- [HOW TO COMPLETE THIS TASK] Copy the records below exactly, leaving out every picture.

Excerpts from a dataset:
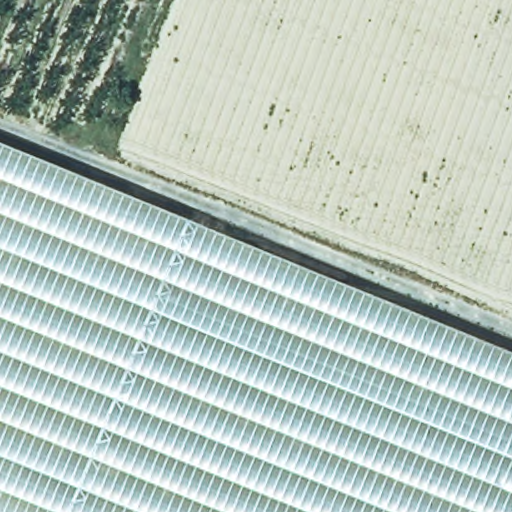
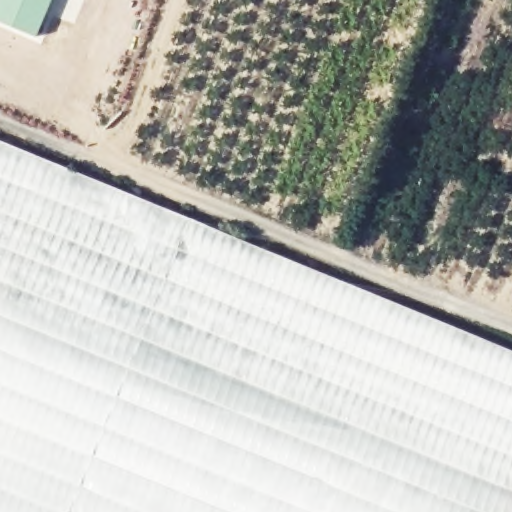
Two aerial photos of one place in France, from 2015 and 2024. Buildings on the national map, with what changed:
new [(54,0),(38,37),(0,21),(0,0),(54,0)]
unchanged [(181,237),(69,512),(0,512),(0,148),(186,223),(181,237)]
unchanged [(512,512),(69,512),(181,237),(186,223),(189,214),(303,262),(512,349),(512,512)]

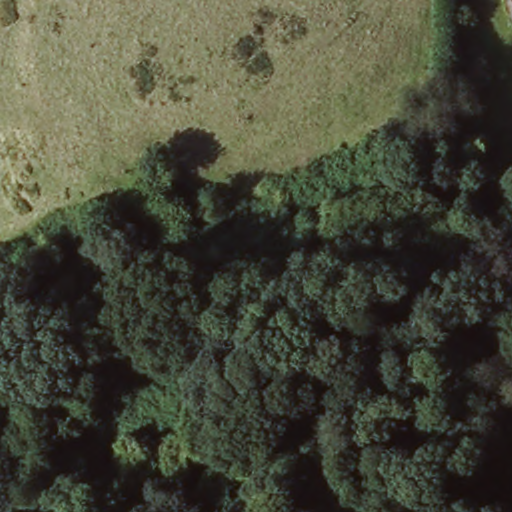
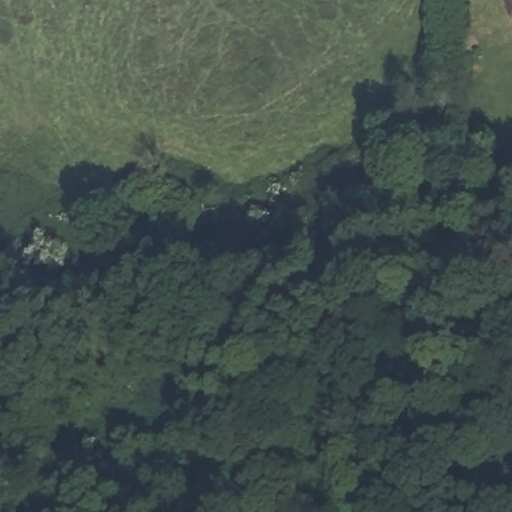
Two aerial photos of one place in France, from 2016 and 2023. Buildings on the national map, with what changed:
unchanged [(512,0),(512,20),(507,0),(512,0)]

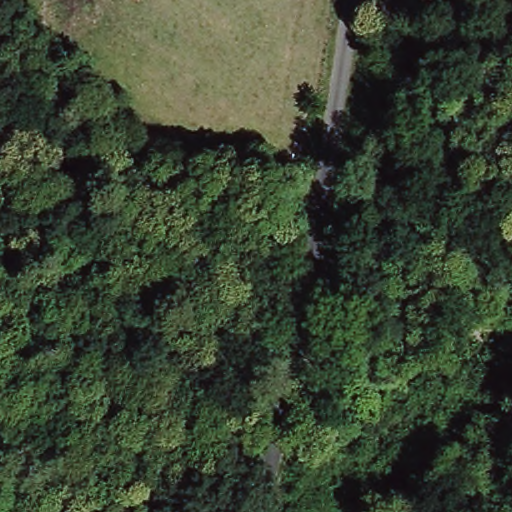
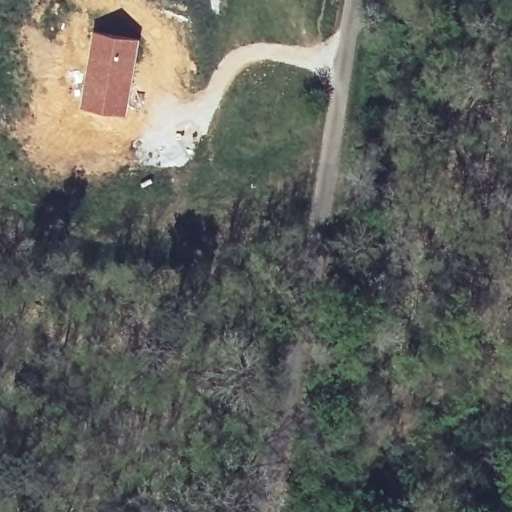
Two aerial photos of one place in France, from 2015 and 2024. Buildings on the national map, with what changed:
new [(92,30),(140,38),(126,116),(79,109),(92,30)]

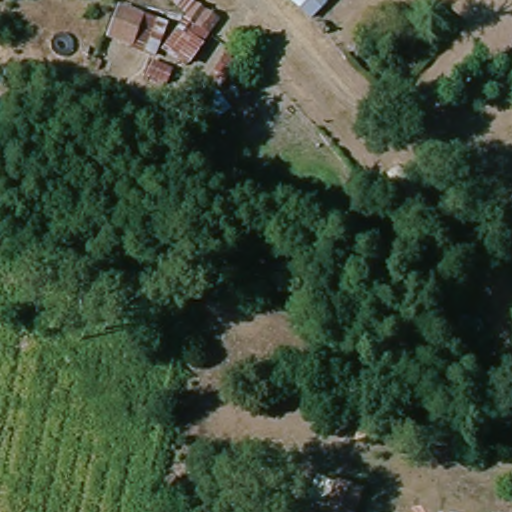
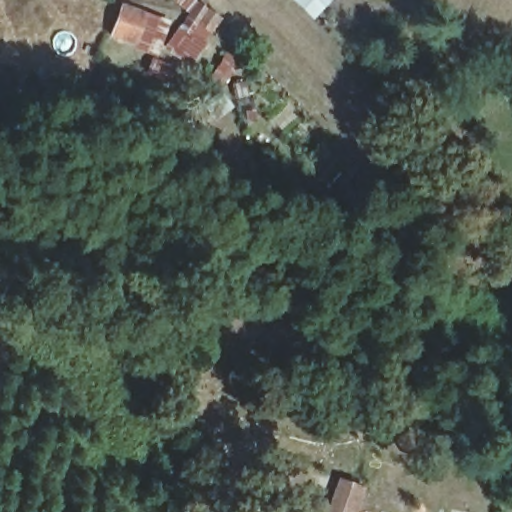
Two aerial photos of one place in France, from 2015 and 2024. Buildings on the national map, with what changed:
unchanged [(133,0),(171,19),(167,34),(156,31),(149,48),(112,32),(126,0),(133,0)]
unchanged [(194,13),(180,0),(202,0),(219,14),(207,43),(185,25),(194,13)]
unchanged [(335,0),(321,15),(305,0),(335,0)]
new [(365,488),(356,512),(302,512),(307,497),(328,505),(337,478),(365,488)]
demolished [(355,509),(354,512),(330,512),(334,503),(355,509)]

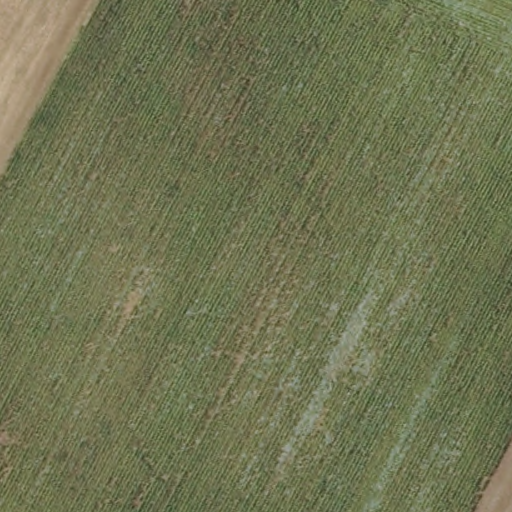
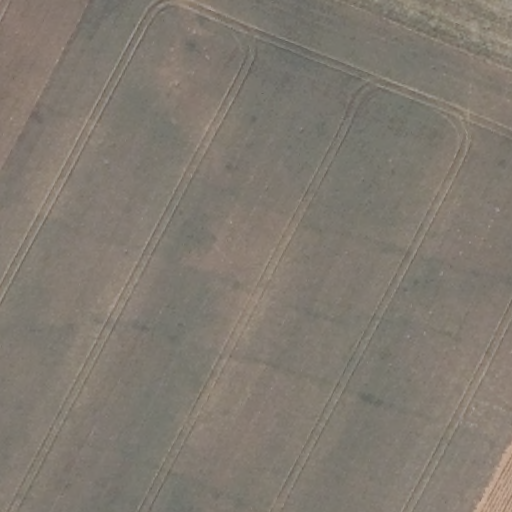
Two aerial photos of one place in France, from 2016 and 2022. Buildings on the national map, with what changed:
[]

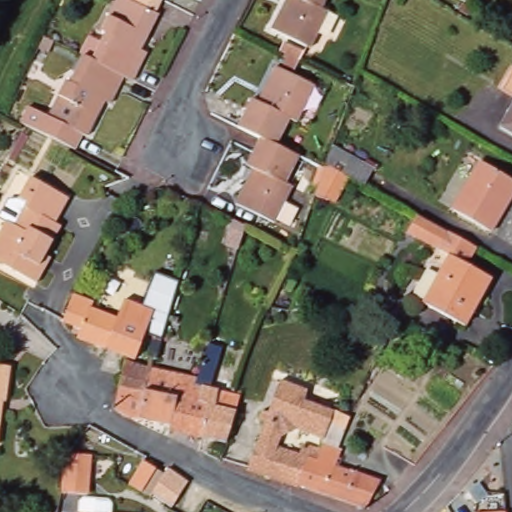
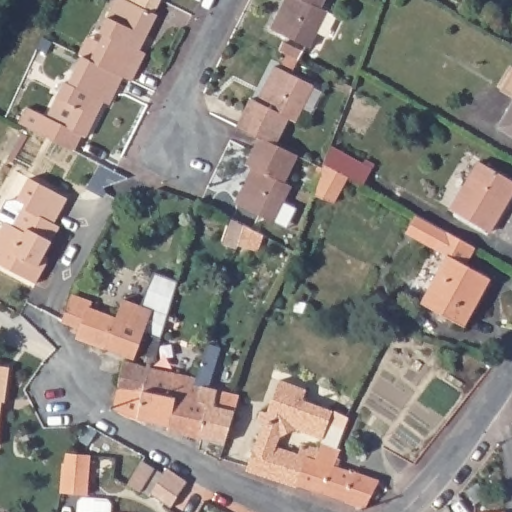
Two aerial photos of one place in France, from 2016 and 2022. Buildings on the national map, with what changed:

- [SOLUTION FOR THIS TASK]
Two aerial photos of one place in France, from 2015 and 2024. Buildings on the national map, with what changed:
new [(54,0),(38,37),(0,21),(0,0),(54,0)]
unchanged [(181,237),(69,512),(0,512),(0,148),(186,223),(181,237)]
unchanged [(512,512),(69,512),(181,237),(186,223),(189,214),(303,262),(512,349),(512,512)]

Two aerial photos of one place in France, from 2016 and 2023. Buildings on the national map, with what changed:
unchanged [(512,0),(512,20),(507,0),(512,0)]

Two aerial photos of one place in France, from 2015 and 2024. Buildings on the national map, with what changed:
new [(92,30),(140,38),(126,116),(79,109),(92,30)]

Two aerial photos of one place in France, from 2015 and 2024. Buildings on the national map, with what changed:
unchanged [(133,0),(171,19),(167,34),(156,31),(149,48),(112,32),(126,0),(133,0)]
unchanged [(194,13),(180,0),(202,0),(219,14),(207,43),(185,25),(194,13)]
unchanged [(335,0),(321,15),(305,0),(335,0)]
new [(365,488),(356,512),(302,512),(307,497),(328,505),(337,478),(365,488)]
demolished [(355,509),(354,512),(330,512),(334,503),(355,509)]

Two aerial photos of one place in France, from 2016 and 2022. Buildings on the national map, with what changed:
[]

Two aerial photos of one place in France, from 2016 and 2022. Buildings on the national map, with what changed:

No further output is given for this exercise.